Pratik received his PhD from the Centre for Historical Studies, Jawaharlal Nehru University, New Delhi, India in 2000. He taught in India, before coming to the UK.  

Pratik has contributed widely to the history of science, medicine, and global and imperial history, spanning South Asian, Caribbean and Atlantic history from the eighteenth to the twentieth century. He has published five sole-authored monographs and several research articles in leading international journals on the history of science and medicine. 

Beyond research and publication, Pratik has attracted research funding and has secured a number of large and smaller grants for his research. He joined the University of Kent with the Wellcome Trust University Award, for his project on laboratory research in British India. In 2012, he was awarded the Leverhulme Trust project grant for his project; ‘An Antique Land; Geology, Philology and the Making of the Indian Subcontinent, 1830-1920’.

Pratik is a UK REF 2021 Panel Member (History). From 2010 to 2018 he was one of the editors of the leading peer-reviewed journal, Social History of Medicine, published by the Oxford University Press. In this role, he had expanded the scope of the journal in global and imperial histories. He is also one of the judges of the prestigious Dan David Prize on the History of Health and Medicine, 2020-2021.  He also sat on the editorial boards of other journals in the history of science and medicine. He has been invited to present papers at colloquia in UK, India, Japan, USA and Europe on the history of science/medicine, globalization and ecological history. 
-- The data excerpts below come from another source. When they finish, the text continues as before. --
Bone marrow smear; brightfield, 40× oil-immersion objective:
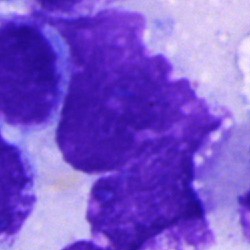

Specimen: bone marrow aspirate smear.
Cell: artefact.
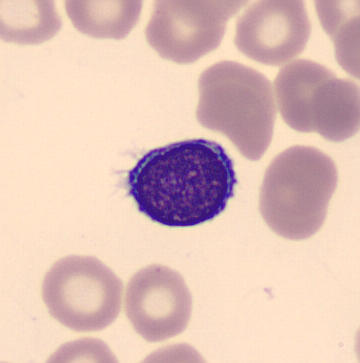 Morphological class = typical lymphocyte.
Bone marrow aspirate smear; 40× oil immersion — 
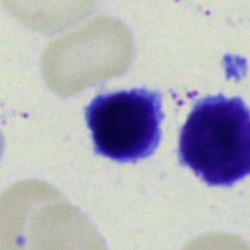
The classification is typical lymphocyte.
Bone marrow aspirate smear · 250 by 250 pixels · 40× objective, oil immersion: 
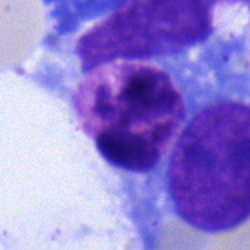

Q: Which cell type is shown here?
A: A basophilic granulocyte.
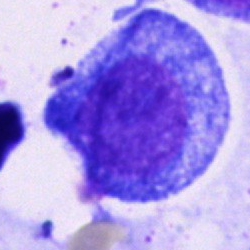 Cell — promyelocyte.
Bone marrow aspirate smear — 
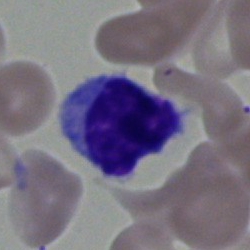 Showing a lymphocyte.
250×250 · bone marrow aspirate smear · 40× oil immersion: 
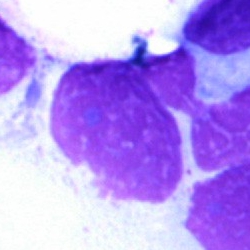Morphological class: artefact.
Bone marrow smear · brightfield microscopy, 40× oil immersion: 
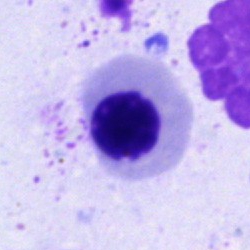 Morphology consistent with a normoblast.
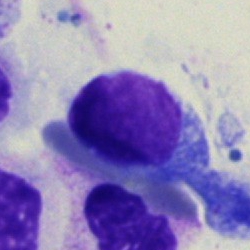
Single-cell crop from a bone marrow smear: typical lymphocyte.
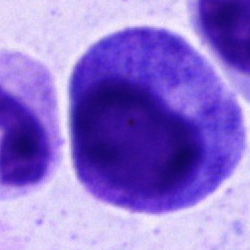Classification: promyelocyte.
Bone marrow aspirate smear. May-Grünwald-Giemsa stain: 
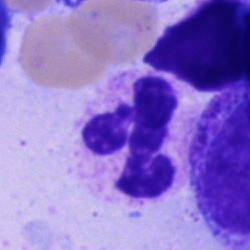
Q: What type of cell is this?
A: A segmented neutrophil.
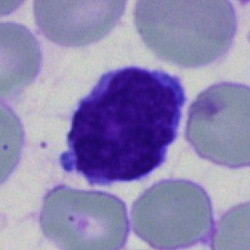
Single cell identified as a typical lymphocyte.
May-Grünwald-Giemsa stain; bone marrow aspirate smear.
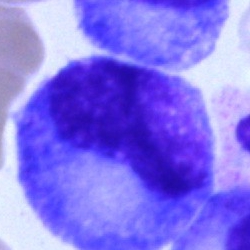

Progranulocyte.
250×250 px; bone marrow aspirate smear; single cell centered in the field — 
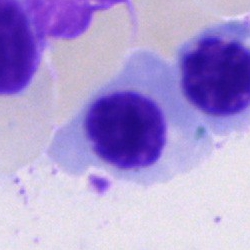

Cell: nucleated red cell.
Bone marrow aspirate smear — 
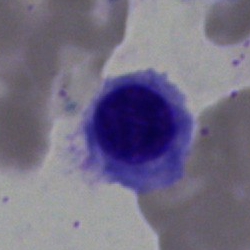
Showing a normoblast.
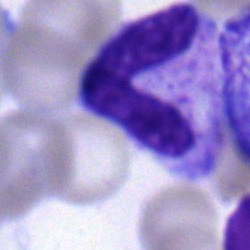
Cell type — neutrophil (band).
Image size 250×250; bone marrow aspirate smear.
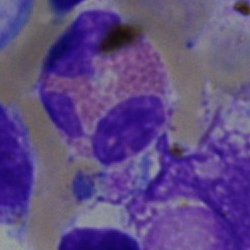 Cell: eosinophilic granulocyte.
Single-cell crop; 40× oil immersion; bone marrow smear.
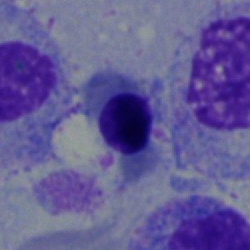 Classification = normoblast.
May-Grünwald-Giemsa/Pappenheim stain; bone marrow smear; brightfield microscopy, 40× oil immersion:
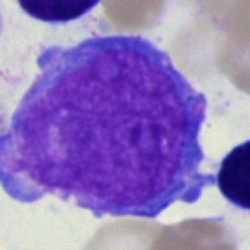 Showing an undifferentiated blast.
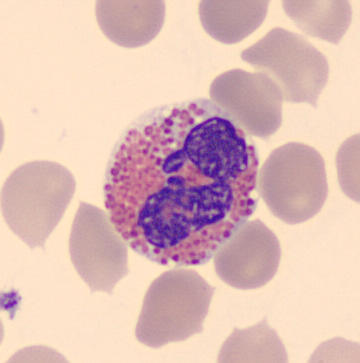Peripheral blood smear. CellaVision DM96 digital cell image. Single-cell crop.
Cell: eosinophil.
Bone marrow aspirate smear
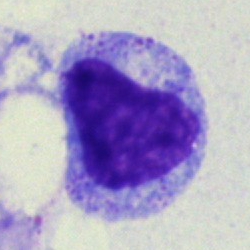
Classification = progranulocyte.
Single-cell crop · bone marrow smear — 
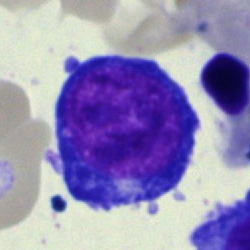This is a proerythroblast.
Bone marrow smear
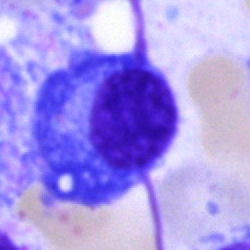

Q: What cell is this?
A: A plasma cell.
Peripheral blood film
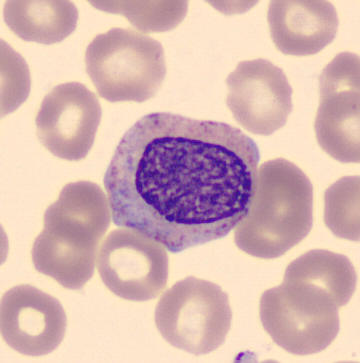

Single cell identified as a myelocyte.
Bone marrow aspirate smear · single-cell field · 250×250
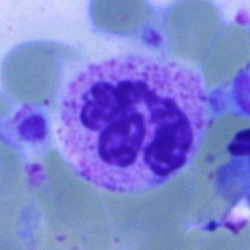
Q: What cell is this?
A: A neutrophil (segmented).
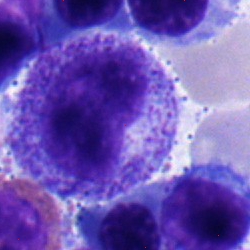

Q: Which cell type is shown here?
A: Promyelocyte.
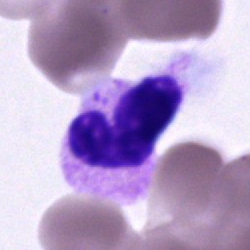
Q: What cell is this?
A: It is a neutrophil (segmented).
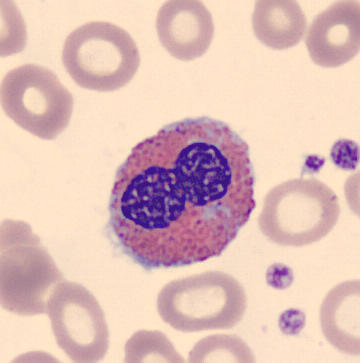
This is an eosinophil.
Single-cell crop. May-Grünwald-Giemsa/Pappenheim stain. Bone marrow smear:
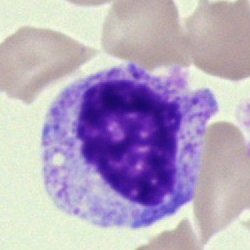 Specimen: bone marrow smear.
Cell: myelocyte.
Lineage: myeloid.
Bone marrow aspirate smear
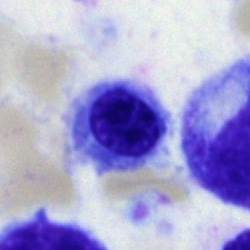

Cell type: normoblast.
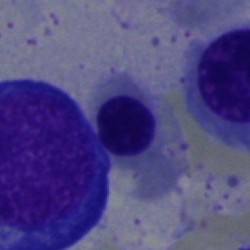
Q: Identify the cell.
A: Nucleated red blood cell.
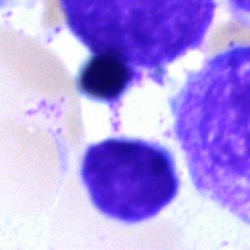Q: Identify the cell.
A: It is a typical lymphocyte.
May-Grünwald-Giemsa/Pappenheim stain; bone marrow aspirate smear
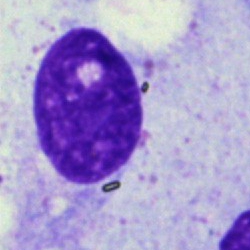 Classification: artefact.
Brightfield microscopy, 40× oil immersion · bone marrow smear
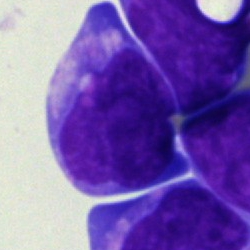
Classification: undifferentiated blast.
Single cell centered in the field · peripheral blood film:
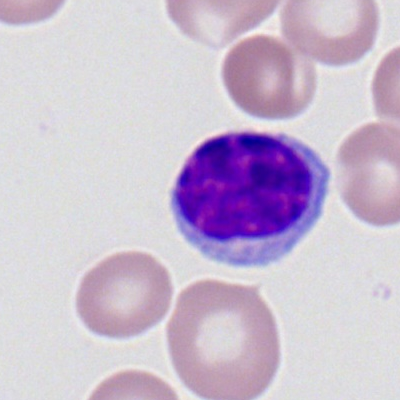
The morphological class is typical lymphocyte.
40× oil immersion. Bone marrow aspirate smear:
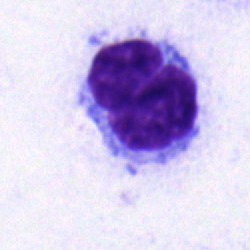Morphological class — lymphocyte.
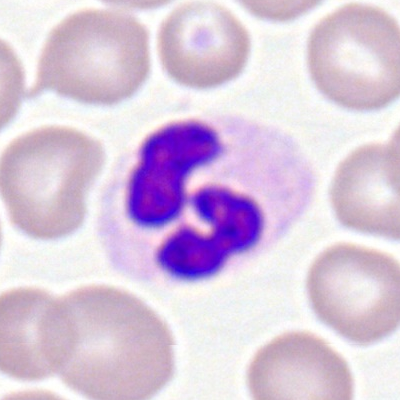 The cell shown is a polymorphonuclear neutrophil.
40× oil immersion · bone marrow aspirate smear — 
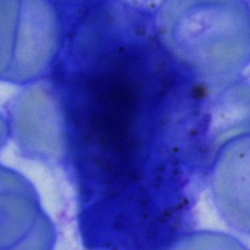

Morphological class: cell of indeterminate lineage.
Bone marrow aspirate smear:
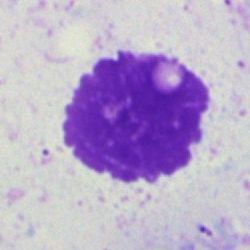

Showing an artifact.
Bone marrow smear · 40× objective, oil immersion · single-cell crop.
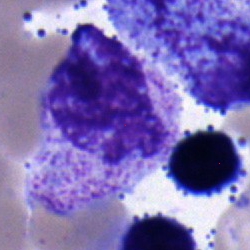 Q: What cell is this?
A: A myelocyte.
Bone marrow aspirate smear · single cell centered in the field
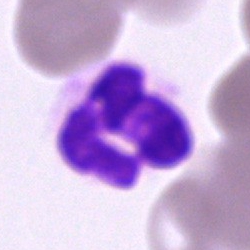 A segmented neutrophil.
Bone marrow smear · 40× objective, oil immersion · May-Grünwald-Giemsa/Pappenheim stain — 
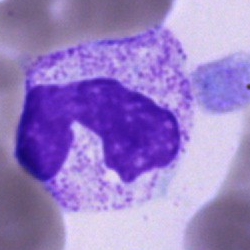Morphological class = band neutrophil.
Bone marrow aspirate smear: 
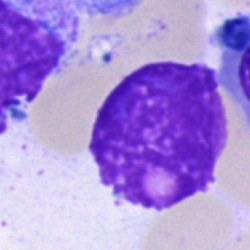 Cell type = artifact.
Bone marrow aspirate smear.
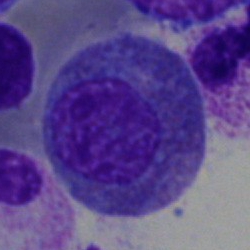
Specimen: bone marrow aspirate smear.
Cell type: eosinophilic granulocyte.
Lineage: myeloid.
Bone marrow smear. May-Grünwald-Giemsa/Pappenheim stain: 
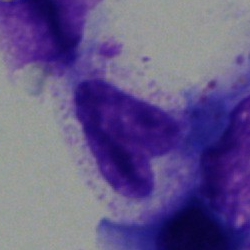Cell — metamyelocyte.
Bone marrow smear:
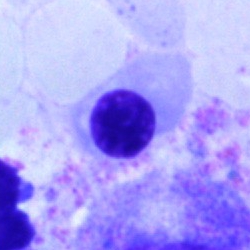Morphology — erythroblast.
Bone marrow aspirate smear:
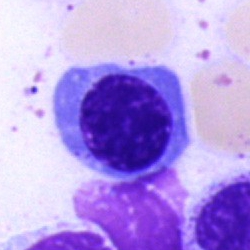The cell shown is a blast.
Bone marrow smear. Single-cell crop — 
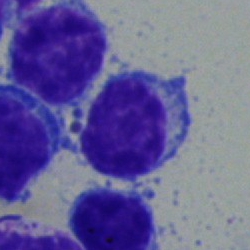
Q: Identify the cell.
A: A typical lymphocyte.
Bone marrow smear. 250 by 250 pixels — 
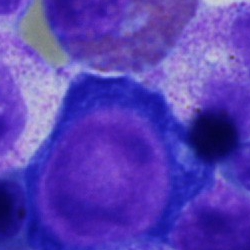

The cell shown is a proerythroblast.
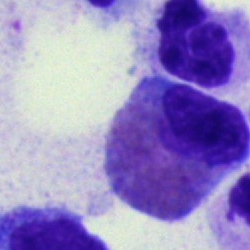
A basophil.
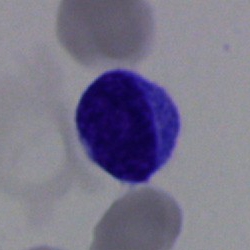 Morphology consistent with a lymphocyte.
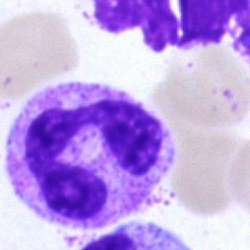

Cell — polymorphonuclear neutrophil.
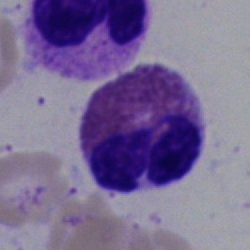
The cell is eosinophil.
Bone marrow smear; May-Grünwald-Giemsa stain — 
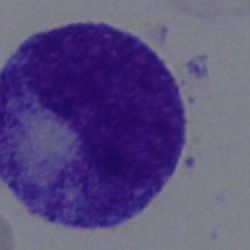
Specimen: bone marrow aspirate smear.
Morphological class: metamyelocyte.
Lineage: myeloid.
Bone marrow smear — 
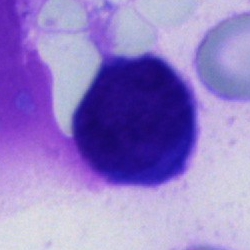Q: What is shown here?
A: This is an unidentifiable cell.
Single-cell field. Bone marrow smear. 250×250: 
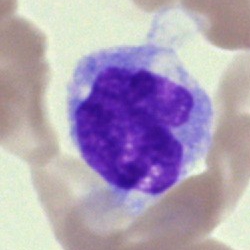Cell type: monocyte.
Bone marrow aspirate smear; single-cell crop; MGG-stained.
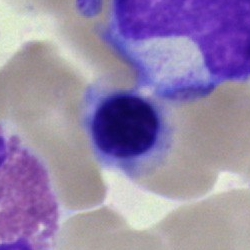

Morphological class: normoblast.
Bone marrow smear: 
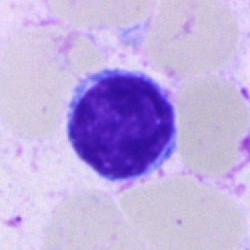 Showing a typical lymphocyte.
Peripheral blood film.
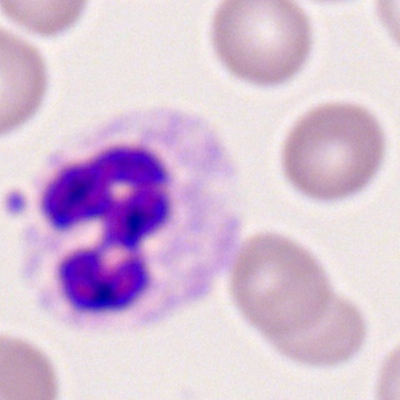
This is a polymorphonuclear neutrophil.
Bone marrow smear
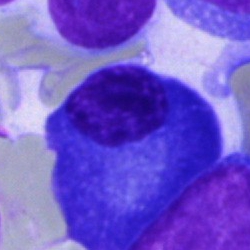
Q: Which cell type is shown here?
A: It is a plasmacyte.
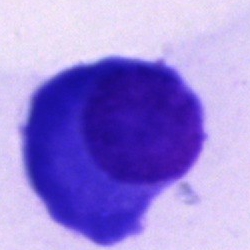Morphology — plasmacyte.
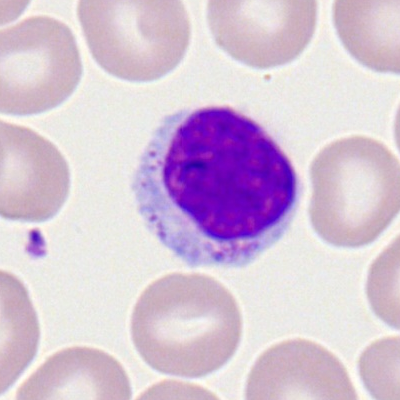Specimen: peripheral blood film.
Classification: typical lymphocyte.
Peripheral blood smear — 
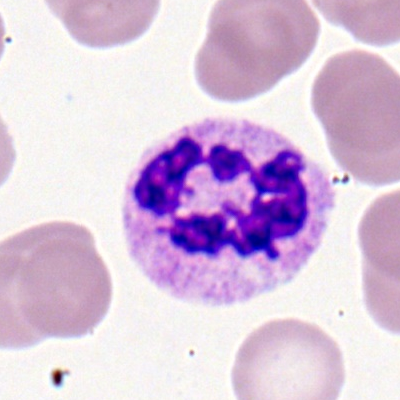The cell shown is a neutrophil (segmented).
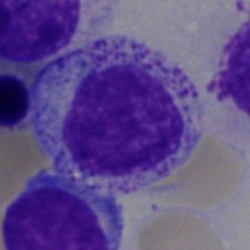The cell is myelocyte.
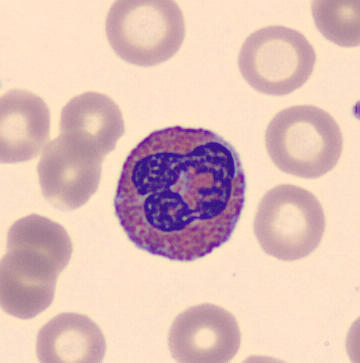
This is an eosinophil. Peripheral blood film.
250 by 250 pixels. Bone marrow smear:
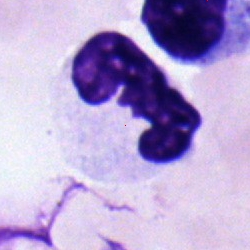

Morphology consistent with a polymorphonuclear neutrophil.
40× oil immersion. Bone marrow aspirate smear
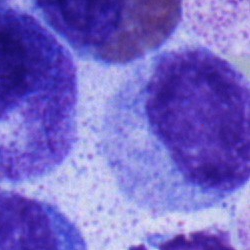

Classification — myelocyte.
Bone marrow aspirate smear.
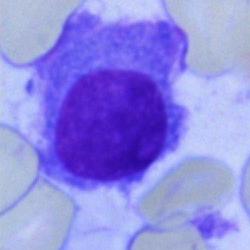
Showing a plasma cell.
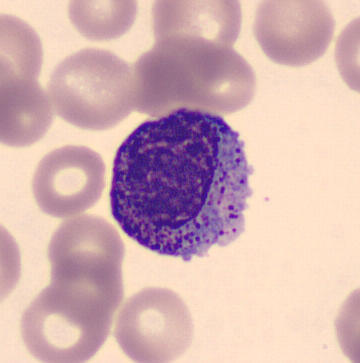

Acquisition: Peripheral blood film. {"cell_type": "promyelocyte"}

In 2020, Pratik delivered several keynote lectures on themes such as Decolonization, racism (Is Deep History White?) the Anthropocene (Anthropocene and the Challenges of Deep Historical Imagination) and the global history of Science (Do we need a Global History of Science?).

 

Research interests

My research specializations are in the history of medicine, science and global and imperial history, spanning South Asian, Caribbean and Atlantic history from the eighteenth to the twentieth century. My most recent research monograph, Inscriptions of Nature: Geology and the Naturalization of Antiquity was published by Johns Hopkins University Press (2020). The monograph is based on the major Leverhulme trust funded project; 'An Antique Land; Geology, Philology and the Making of the Indian Subcontinent, 1830-1920', of which I was the Principal Investigator. The grant was for the period 2013-2016. The book captures the historical moment when the past became naturalised. In doing so, it challenges the way we have imagined the relationship between nature and history. It argues that how we think about the past became indelibly stained by our ideas of the history of nature, landscape and geography in the nineteenth century. The book also argues that due to this naturalization of the past, geomythologies acquired powerful naturalised motifs in India. This became especially vivid and articulated in the nineteenth century when myths were linked to specific geographical sites and geological phenomenon. In other words, myths appeared real as they were inscribed into the landscape and thereby into the deep past of the nation. For this project, I worked with Dr Joydeep Sen who was my RA. Cam Sharp Jones is completing her PhD (Colonial ethnography and human antiquity in India, 1820-1900) funded by the project

Prior to my Leverhulme Trust funded project, my research was funded by the Wellcome Trust University Award, ‘Laboratory Medical Research in Colonial India, 1890-1950’, funded by the Wellcome Trust, November 2005, Grant: 078703/Z/05/Z. The project was active for the period 2006-2012.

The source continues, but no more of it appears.